Server response if unchanged:
  304 Not Modified (no body, saves bandwidth)
  • ETag -- opaque identifier for a specific version of a resource (hash of content or version number).
  • Last-Modified -- timestamp of last change.
  • Both enable conditional requests that save bandwidth when content has not changed.

Multi-Tier Caching

code
┌─────────────┐    ┌─────────────────┐    ┌──────────┐    ┌──────────┐
│   Client     │───>│  CDN (L3)       │───>│ Redis    │───>│ Database │
│   Browser    │    │  Edge cache     │    │ (L2)     │    │          │
│   cache (L0) │    │                 │    │ Distrib. │    │          │
└─────────────┘    └─────────────────┘    │ cache    │    │          │
                                          └──────────┘    └──────────┘
                                               ▲
                                          ┌──────────┐
                                          │ In-proc  │
                                          │ cache(L1)│
                                          └──────────┘
TierLocationLatencySharedCapacity
L0 — BrowserClient device~0 msNoSmall
L1 — In-processApplication memory~0.01 msNo (per-instance)Small-Medium
L2 — DistributedRedis / Memcached~1 msYes (all instances)Large
L3 — CDNEdge PoP~10-50 msYes (per-region)Very large
OriginDatabase~5-50 msYesUnlimited

Strategy: Check L1 first, then L2, then L3, then origin.

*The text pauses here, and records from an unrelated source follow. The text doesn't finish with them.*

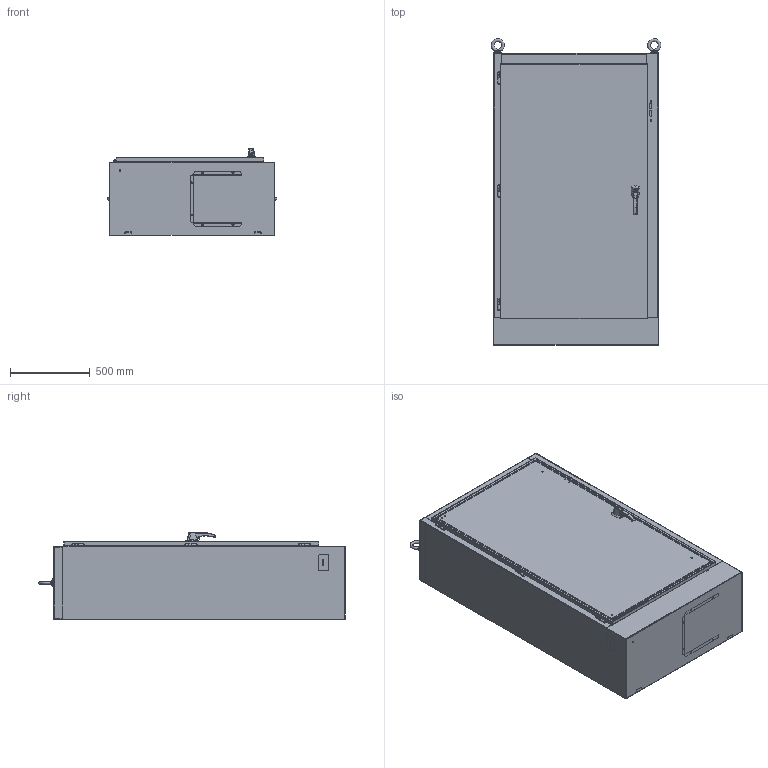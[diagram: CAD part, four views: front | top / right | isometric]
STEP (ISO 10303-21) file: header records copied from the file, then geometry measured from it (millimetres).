
FILE_DESCRIPTION (( 'STEP AP214' ), '1' );
FILE_NAME ('1UHD724118N4SS.STEP', '2019-07-11T21:33:52', ( '' ), ( '' ), 'SwSTEP 2.0', 'SolidWorks 2018', '' );
FILE_SCHEMA (( 'AUTOMOTIVE_DESIGN' ));
Length unit declared in the file: inch
Products named in the file (1): 1UHD724118N4SS
Bounding box: 1065 x 1925.28 x 545.2 mm (x, y, z)
Volume: 23263785.8 mm3; surface area: 18258334.2 mm2
Topology: 112 solids, 113 shells, 2003 faces, 4883 edges, 3136 vertices
Faces by surface type: plane 1132, cylinder 535, bspline 245, cone 83, torus 8
Full cylindrical faces by diameter (mm): 3.967 x4, 4.249 x2, 4.394 x1, 4.75 x2, 4.775 x2, 4.801 x2, 4.826 x4, 4.928 x1, 4.976 x6, 5.537 x4, 5.893 x1, 5.918 x1, 6.35 x18, 6.477 x3, 6.528 x4, 6.756 x1, 7.112 x4, 7.137 x6, 7.163 x1, 7.366 x2, 7.805 x6, 7.937 x1, 7.938 x2, 7.95 x8, 8.128 x1, 8.255 x1, 8.331 x3, 8.433 x6, 8.712 x1, 8.89 x1
Entity records: 73298 total; most frequent: CARTESIAN_POINT 26988, ORIENTED_EDGE 9144, DIRECTION 8565, EDGE_CURVE 4572, VERTEX_POINT 3118, AXIS2_PLACEMENT_3D 2936, VECTOR 2693, LINE 2693
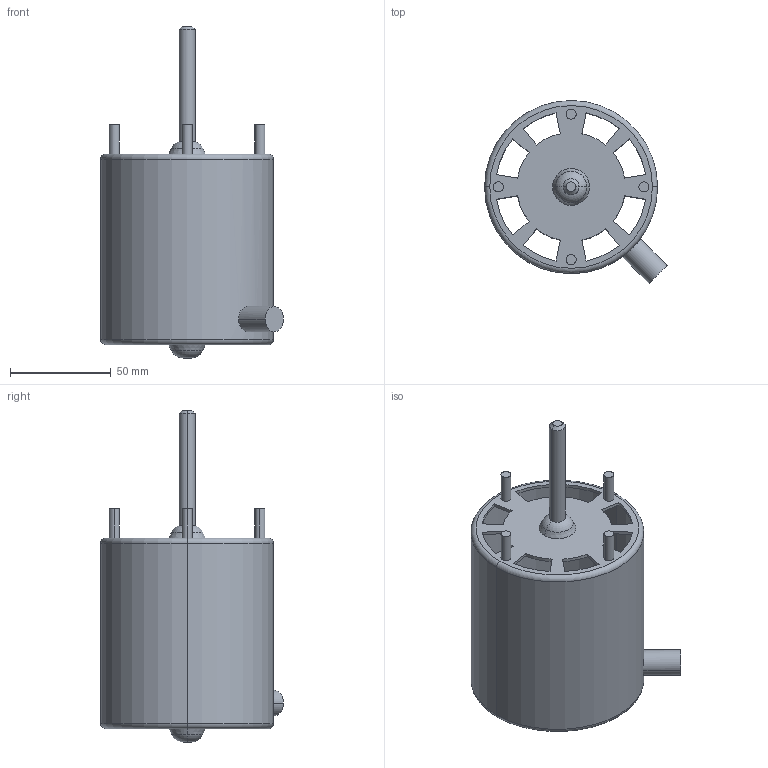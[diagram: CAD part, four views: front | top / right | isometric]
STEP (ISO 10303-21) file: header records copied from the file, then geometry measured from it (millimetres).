
FILE_DESCRIPTION (( 'STEP AP203' ), '1' );
FILE_NAME ('119-5659.STEP', '2024-12-02T14:12:22', ( '' ), ( '' ), 'SwSTEP 2.0', 'SolidWorks 2022', '' );
FILE_SCHEMA (( 'CONFIG_CONTROL_DESIGN' ));
Length unit declared in the file: inch
Products named in the file (1): 119-5659
Bounding box: 90.59 x 90.59 x 164.59 mm (x, y, z)
Volume: 56612.6 mm3; surface area: 70238.4 mm2
Topology: 1 solids, 1 shells, 121 faces, 302 edges, 194 vertices
Faces by surface type: cylinder 50, plane 45, torus 16, cone 10
Entity records: 3863 total; most frequent: CARTESIAN_POINT 702, DIRECTION 688, ORIENTED_EDGE 604, EDGE_CURVE 302, AXIS2_PLACEMENT_3D 266, VERTEX_POINT 194, EDGE_LOOP 162, LINE 156

Write-through from origin to L2; let L1 fill on demand with short TTLs. CDN serves public, cacheable content.

Best Practices

  • Always set a TTL on every cache entry -- even if you also use event-based invalidation. TTL is your safety net against stale data from missed events.
  • Monitor cache hit rates. A hit rate below 80% suggests the cache is not well-tuned for actual access patterns. Investigate and adjust.
  • Design for cache failure gracefully: the system must function (possibly with degraded performance) when the cache is unavailable.
  • Never cache sensitive data (credentials, tokens, PII) without encryption and strict TTLs.
  • Use consistent hashing for distributed cache clusters to minimize key redistribution when nodes are added or removed.
  • Prefer cache-aside as the starting pattern. Only move to more complex patterns (write-through, write-behind) when you have measured evidence that they are needed.
  • Implement cache stampede protection (locking or probabilistic refresh) for any high-traffic cache keys with expensive recomputation.